Anche il fatto che - come studente - abbia scelto il settore della medicina d'urgenza dove frequentare e fare la tesi, nasce chiaramente dal fatto che è con quel tipo di medicina che ho avuto spesso a che fare prima di decidere di cambiare strada. Ma se devo essere sincero (e onesto), io facevo e faccio ancora un pochino di volontariato, ma non posso certo dire che si tratti di un'attività che mi impegna per chissà quanto tempo o che riempia chissà che parte della mia vita.

Era - ed è anche oggi - un interesse importante, ma non ho mai pensato "ora mi laureo in medicina per trasformare in lavoro quello che faccio come volontario". Non so spiegarlo in poche rige, ma rimanere anche come medico a fare parte dei volontari mi farebbe sempre e certamente piacere. Fare altro e con altre funzioni - invece - non lo so.

Iniziando a studiare medicina, poi, io puntavo principalmente a qualcosa di un po' diverso: come la medicina interna o la medicina di base. Mi piaceva e mi piace ancora l'idea del medico professionista che riceve nel proprio studio, che è piuttosto differente da quello che può essere invece un dottore che lavora in pronto soccorso. E tutto sommato è sempre quella un po' la mia maggiore ambizione.

Nel settore dell'emergenza, invece, adesso ci sto piano piano ricadendo un po' per caso, un po' per attrazione naturale, e un po' perché mi pare semplicemente un ambiente molto più stimolante di altri per imparare davvero a fare il dottore. Ma appunto non ho lasciato l'ingegneria perché mi piaceva l'ambulanza, e volevo fare il medico di quel settore. È stato più un insieme di fattori che un po' sono dipesi da me, e che un po' invece sono arrivati per i cavoli loro.

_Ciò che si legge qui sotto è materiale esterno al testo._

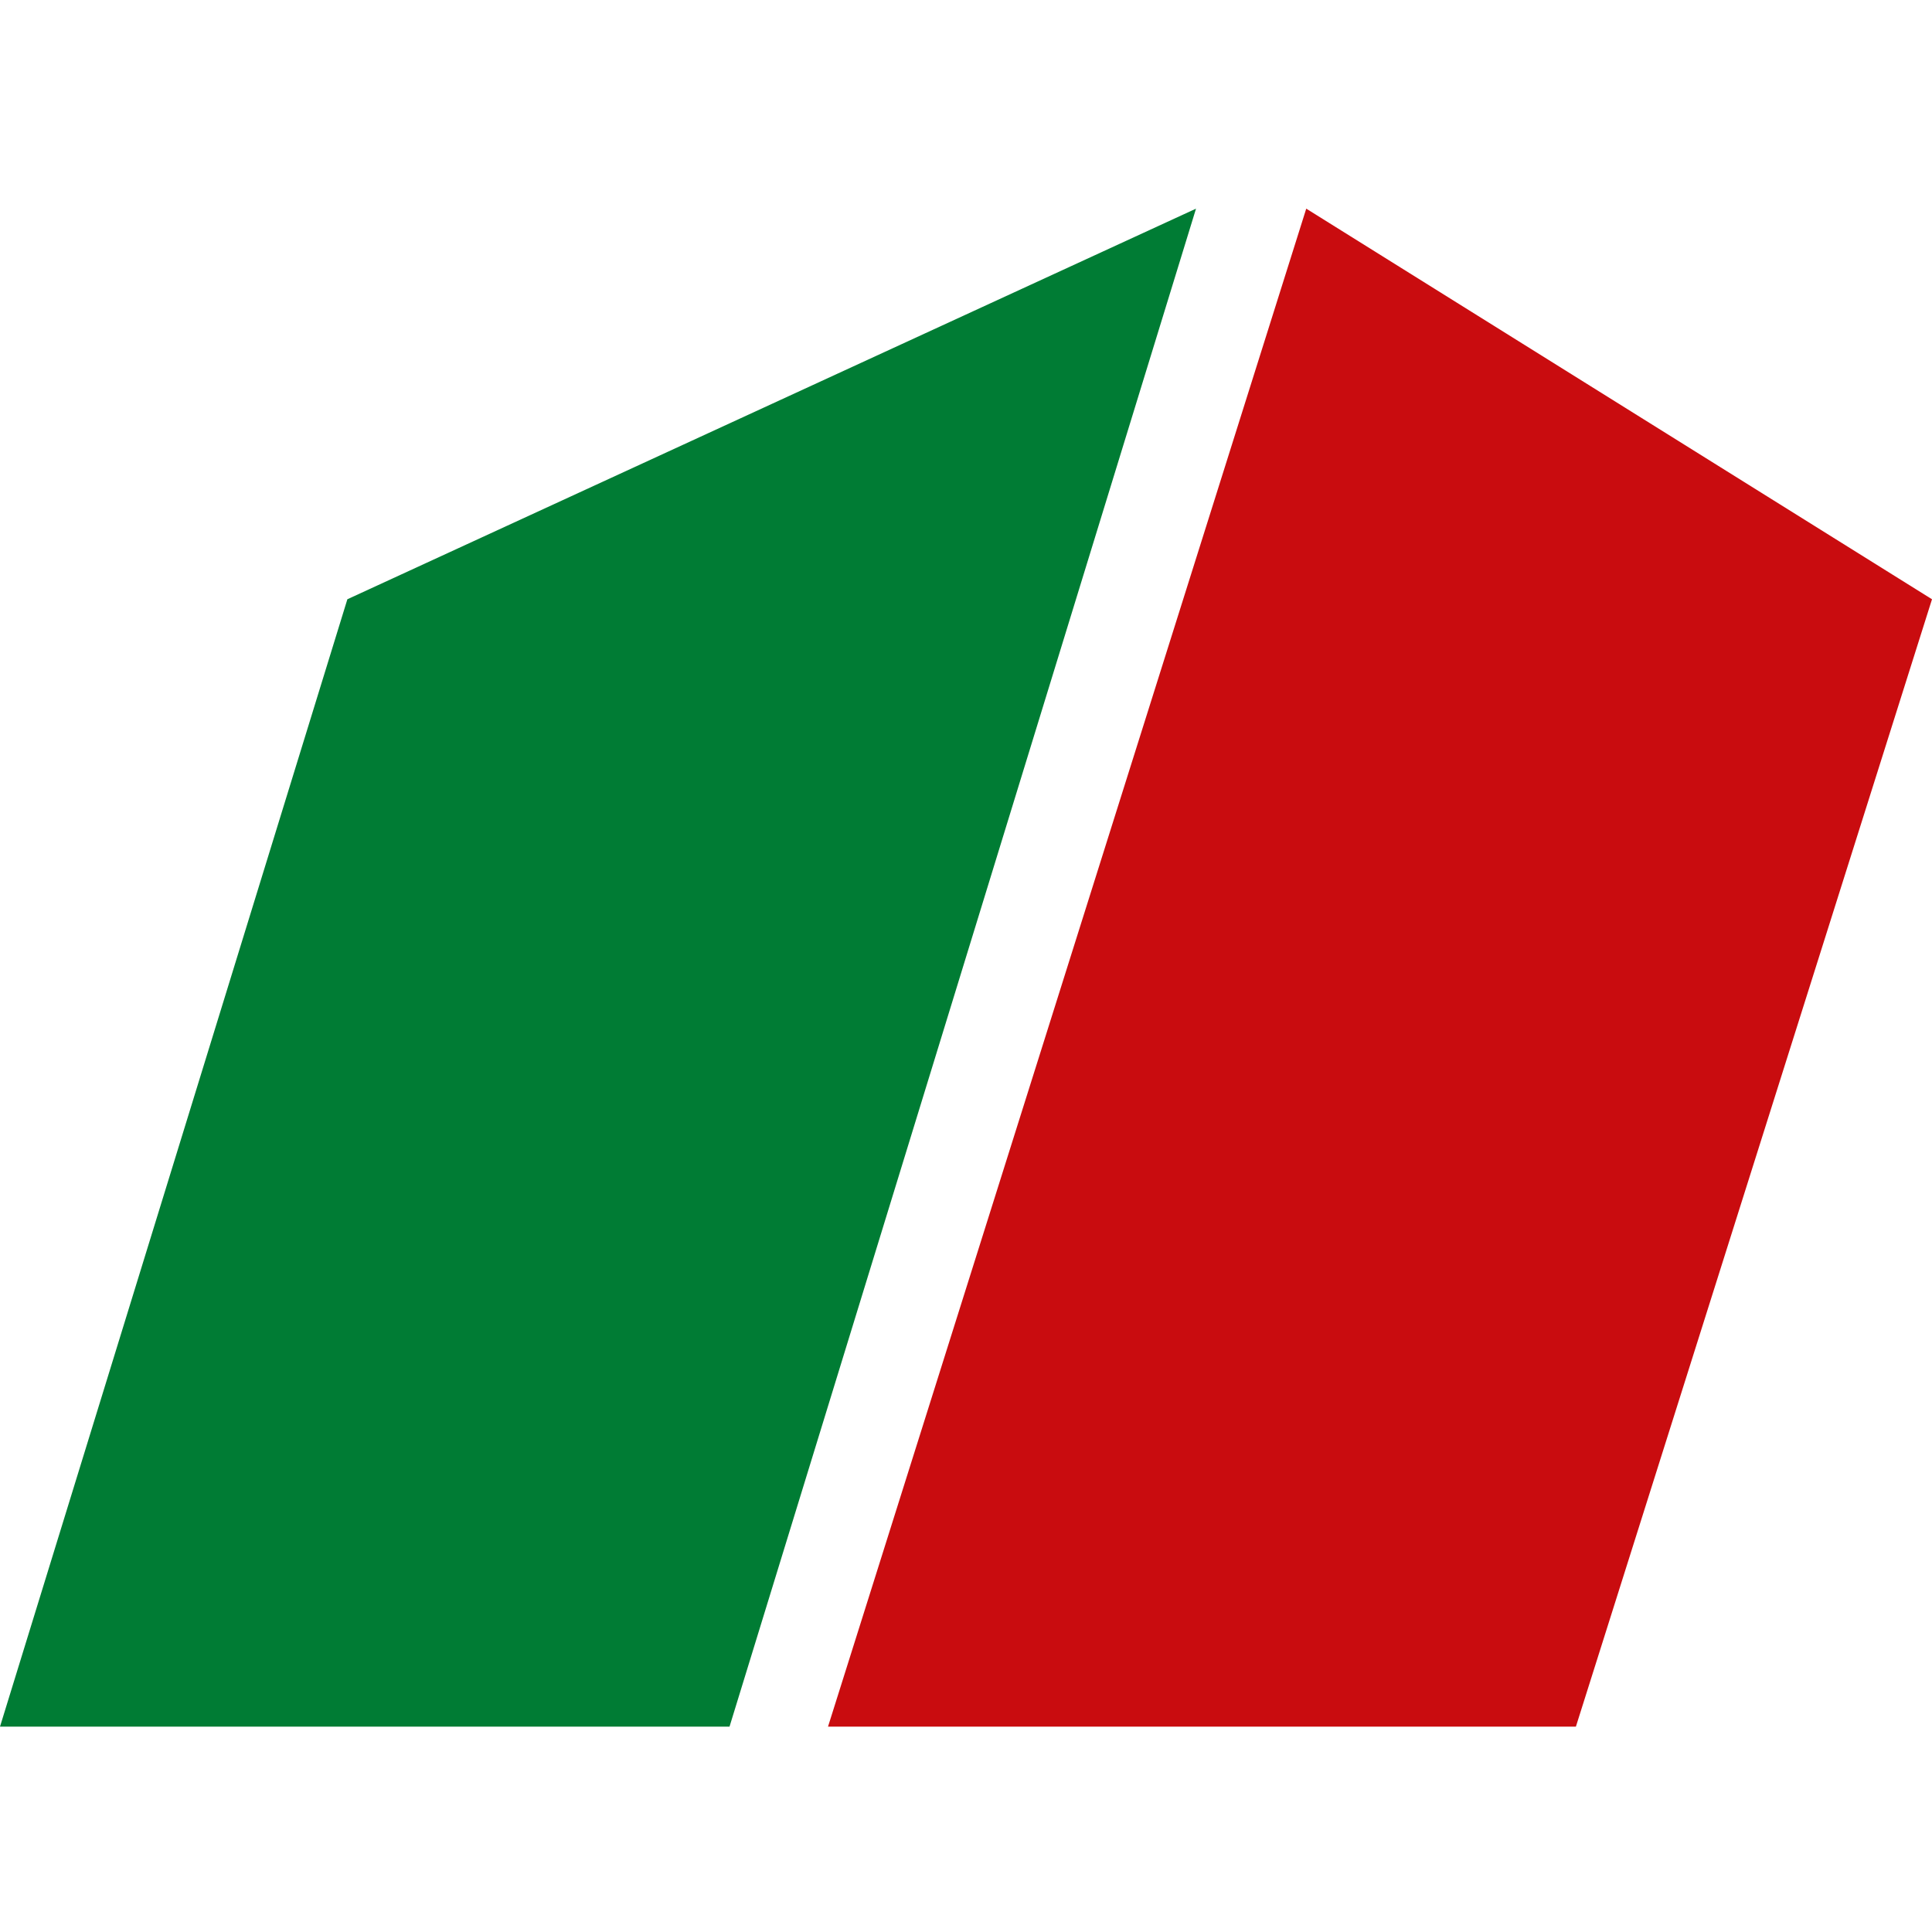 <svg width="500" height="500" viewBox="0 0 500 500" fill="none" xmlns="http://www.w3.org/2000/svg">
<path d="M309.527 54L188.799 446.856H0L89.9 155.089L309.527 54Z" fill="#007C34"/>
<path d="M338.056 54L500 155.089L407.838 446.856H214.288L338.056 54Z" fill="#C90C0F"/>
</svg>

Arrivo a dire che a me - tutto sommato - non importa molto dell'emergenza in sé. O meglio mi importa eccome, ma mi piacerebbe occuparmi anche di altro. Ma se la scelta è stare 2 anni in sala operatoria a reggere i ferri per fare il chirurgo, in una stanzetta a scrivere cartelle per fare l'internista, ad accodarmi a giri visite con 40 persone in certi reparti o a infognarmi in qualche ambulatorio a vedere sempre la stessa patologia per tanti altri indirizzi... be': almeno, dove sono capitato io c'è quel minimo di varietà in più che potrebbe - un domani - portarmi a diventare un medico un po' migliore. O almeno la mia speranza è questa.

E insomma: perché questo taglio? Cosa non mi piaceva dell'ingegneria e di tutto quello che facevo prima (compresi i miei romanzi) e cosa mi ha attratto fino a questo punto nella medicina?

Tante cose. Ma, come dicevo, per ora ho parlato abbastanza e - se siete arrivati fino a qui - mi scuso tanto ma non posso scrivere un post lungo 100 mila caratteri e che non leggerebbe nessuno (vi ricordo che non faccio più lo scrittore! :).

Per cui, insomma, il resto lo rimandiamo alla prossima volta.